作者:巴尔樵夫

 

1、“停课闹革命”的快乐时光

①、说说高滩岩小学

我正式就读的第一所学校--高滩岩小学,与我们那个家属区隔着一条窄窄的马路,站在家门口就可以看到学校,学校上、下课时由老师敲“钟”(一段吊在树枝上的铁轨)告之,“当当当”的“钟声”我听了很多年。

这所小学于建成于上个世纪50年代。校区没有围墙,部分校舍建在在一个斜坡上,还有一部分在下面的洼地里。校舍都是白墙黑瓦,外有走廊,但十分简陋。桌椅破旧,很多窗户上没有玻璃,墙壁都是竹片(重庆话是“篾片”)编结后外糊泥巴再刷上石灰,有些地方泥巴脱落、被学生抠成大洞,教室间相互可以窥视,相邻的两个班级上课互相都听得见对方的动静,地面全是泥地。

我刚入学不久,学校建造了一座红砖的二层教学楼(我们称之为“新大楼”),后来才知道那是因为市区的第七军医大学子弟学校“红星小学”撤消了、要与高滩岩小学合校、而高滩岩小学的校舍不够、由七医大出资建造的。新楼十分气派,我们当时很羡慕那些在新楼里上课的学生,盼望着自己的班级也能进入那里的教室。

1965年暑假,家兄参加了高滩岩小学组织的夏令营,就住在新大楼里(大约有一周时间,食宿都在学校)。尽管站在家门口就能看到这栋大楼(直线距离不到200米),但每天吃过晚饭,家母还是要带着我到学校去看望家兄。有一次,在大楼前的斜坡上,家兄捧着“罐罐饭”边吃边回答家母的问题,腿上布满了蚊子叮咬的包,却还说过得很愉快。

“文革”期间,新大楼被凤鸣山中学的某派“红卫兵”组织当作司令部占据了一段时间,还建立了一个广播站,大喇叭天天传出打打杀杀的叫嚣(攻击大学学员某派组织),后来被大学的某派组织给赶跑了,才清净下来。

“复课闹革命”后,大约是在读四年级时,我们班终于在新大楼里待了半个学期,其间目睹了不少乱象。那时的新大楼已经被糟蹋得不成样子了,上课时不是学生和老师吵,就是学生和学生打,很少有安安静静上课的时候。

学校里没有什么象样的设施,就利用洼地底部的一小块平坝作为操场,还有一个台子,用于全校性的大型活动。几排校舍之间的空地上砌着一些乒乓球桌大小的石台子,那也就是供学生使用的乒乓球桌。

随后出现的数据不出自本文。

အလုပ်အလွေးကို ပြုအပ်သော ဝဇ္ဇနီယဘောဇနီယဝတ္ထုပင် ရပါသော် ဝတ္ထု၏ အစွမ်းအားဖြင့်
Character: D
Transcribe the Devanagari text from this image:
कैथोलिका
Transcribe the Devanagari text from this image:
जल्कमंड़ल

在新大楼与谷底之间的半山坡上有半个篮球场,一个篮球架。“文革”前,还有体育课,有老师带着活动。后来,课间活动(包括体育课)基本就是任学生在空地上自由发挥,奇怪的是也没见哪个学生磕着碰着。

厕所在校区东侧(就在通往大学后门的那条小路边),无人打扫,也没有自来水冲,一到夏天,白花花的肥蛆满地爬,臭气熏天,全靠附近的农民经常来挑粪才没让里面的粪便溢出来。我就在那个厕所里从来自农村的同学那里学会了一句谚语:“茅司(重庆土语,厕所的意思)打挤要落雨”。

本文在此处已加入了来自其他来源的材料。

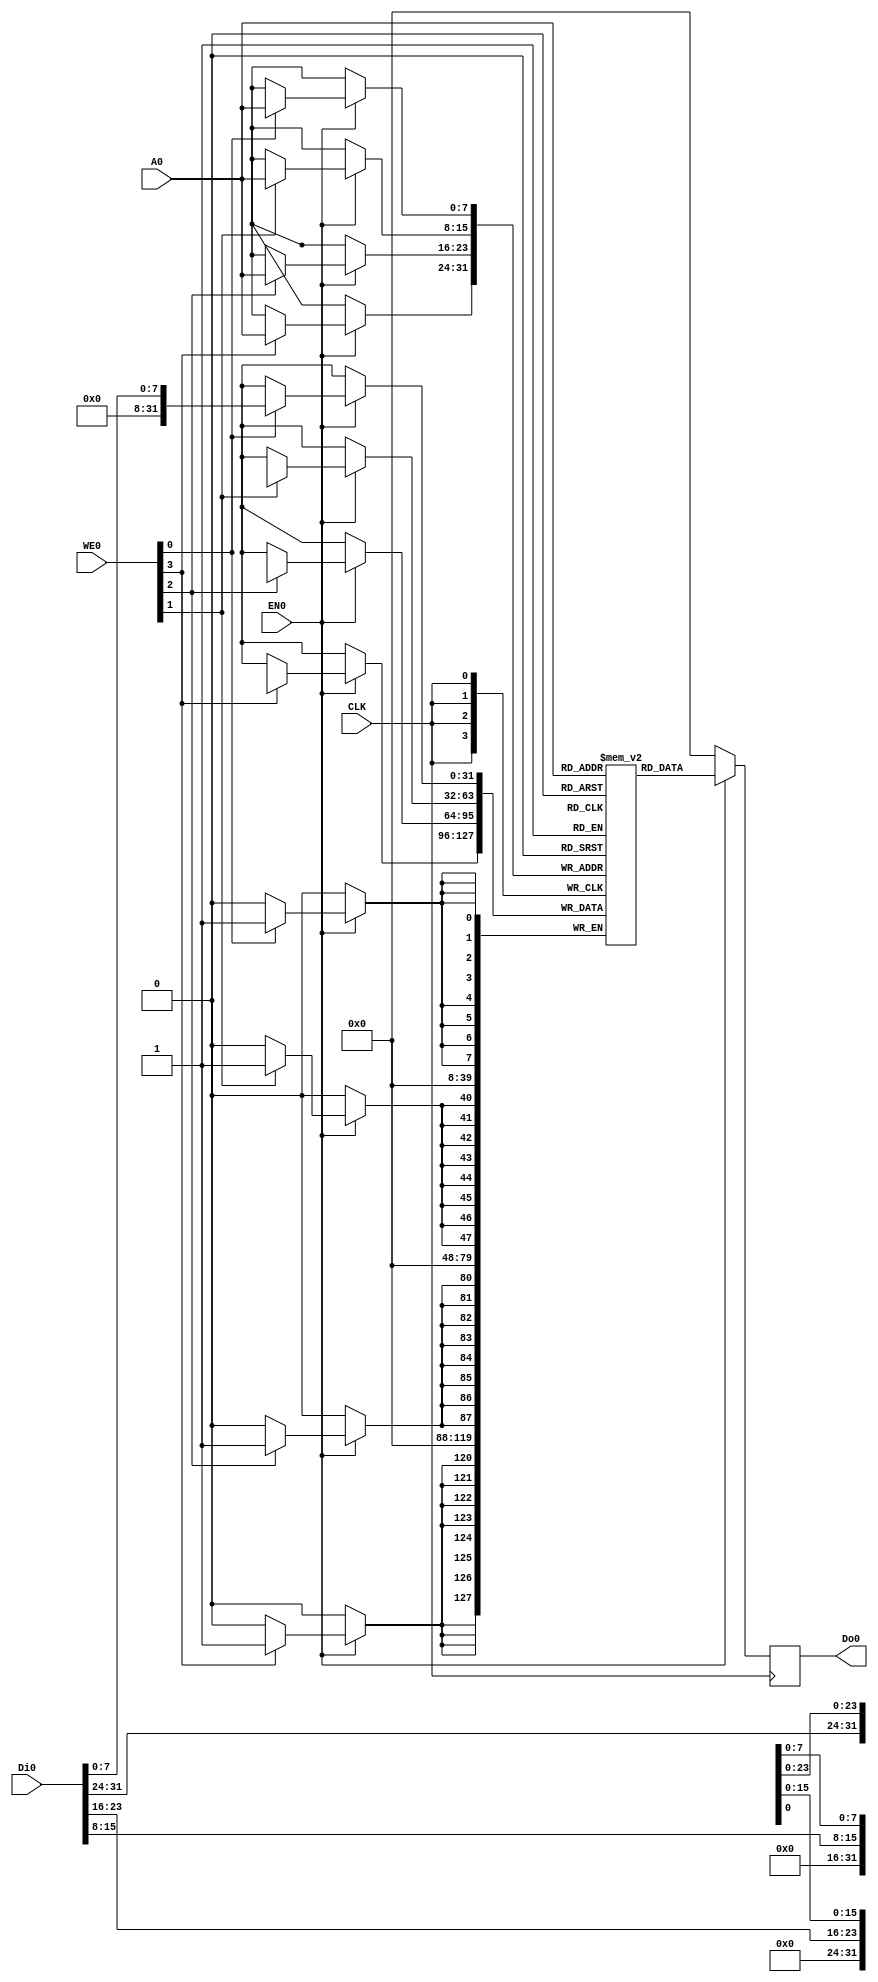
/*
 * DFFRAM.v
 *
 * * A 256x32 DFFRAM (1 Kbytes)
 *
 * This is free software: you can redistribute it and/or modify
 * it under the terms of the Apache License, Version 2.0 (the "License").
 *
 * DFFRAM is distributed in the hope that it will be useful,
 * but WITHOUT ANY WARRANTY; without even the implied warranty of
 * MERCHANTABILITY or FITNESS FOR A PARTICULAR PURPOSE. See the
 * Apache License, Version 2.0 for more details.
 *
 * You should have received a copy of the Apache License, Version 2.0
 * along with DFFRAM. If not, see <https://www.apache.org/licenses/LICENSE-2.0>.
 *
 * For further information, please visit .
 *
 */

`timescale 1ns/1ps

`default_nettype        none

module DFFRAM256x32  (
        CLK,
        WE0,
        EN0,
        Di0,
        Do0,
        A0
);
       localparam A_WIDTH = 8;
       localparam NUM_WORDS = 2**A_WIDTH;
   
       input   wire                         CLK;
       input   wire    [3:0]                WE0;
       input   wire                         EN0;
       input   wire    [31:0]               Di0;
       output  reg     [31:0]               Do0;
       input   wire    [(A_WIDTH - 1): 0]   A0;
       
       reg [31:0] RAM[(NUM_WORDS-1): 0];
   
       always @(posedge CLK)
           if(EN0) begin
               Do0 <= RAM[A0];
               if(WE0[0]) RAM[A0][ 7: 0] <= Di0[7:0];
               if(WE0[1]) RAM[A0][15: 8] <= Di0[15:8];
               if(WE0[2]) RAM[A0][23:16] <= Di0[23:16];
               if(WE0[3]) RAM[A0][31:24] <= Di0[31:24];
           end
           else
               Do0 <= 32'b0;
    endmodule

那时最怕的就是下雨,因为一下雨学校里的土坡就变成了一道道“鬼门关”,不知有多少学生在土坡上滑倒,滚了一身的稀泥,回家还要挨顿揍(因为母亲要给他换衣服,洗了还干不了)。不过大家从中也找到了乐趣,每逢下雨天,几处最“险要”的地方经常聚集着一群人,看别人胆战心惊、小心翼翼的通过,一旦有人滑倒,立刻引来一阵快乐的大笑。那时对此有个说法,叫做“考溜冰大学”,如果能平安通过,就是“考”上了。有胆子大的男孩子会借此机会出出风头,只见他张开双臂,两腿微曲,如冲浪一般疾速滑行却不摔倒,观众们便纷纷叫好,他也洋洋自得。其它人也去仿效,结果不幸摔得泥水四溅,引起轰然大笑。我们也去“考”过,在低年级时失败的次数多,挨打也多,到高年级时技艺炉火纯青,基本都成功了。不知道现在重庆的儿童还玩不玩这个游戏。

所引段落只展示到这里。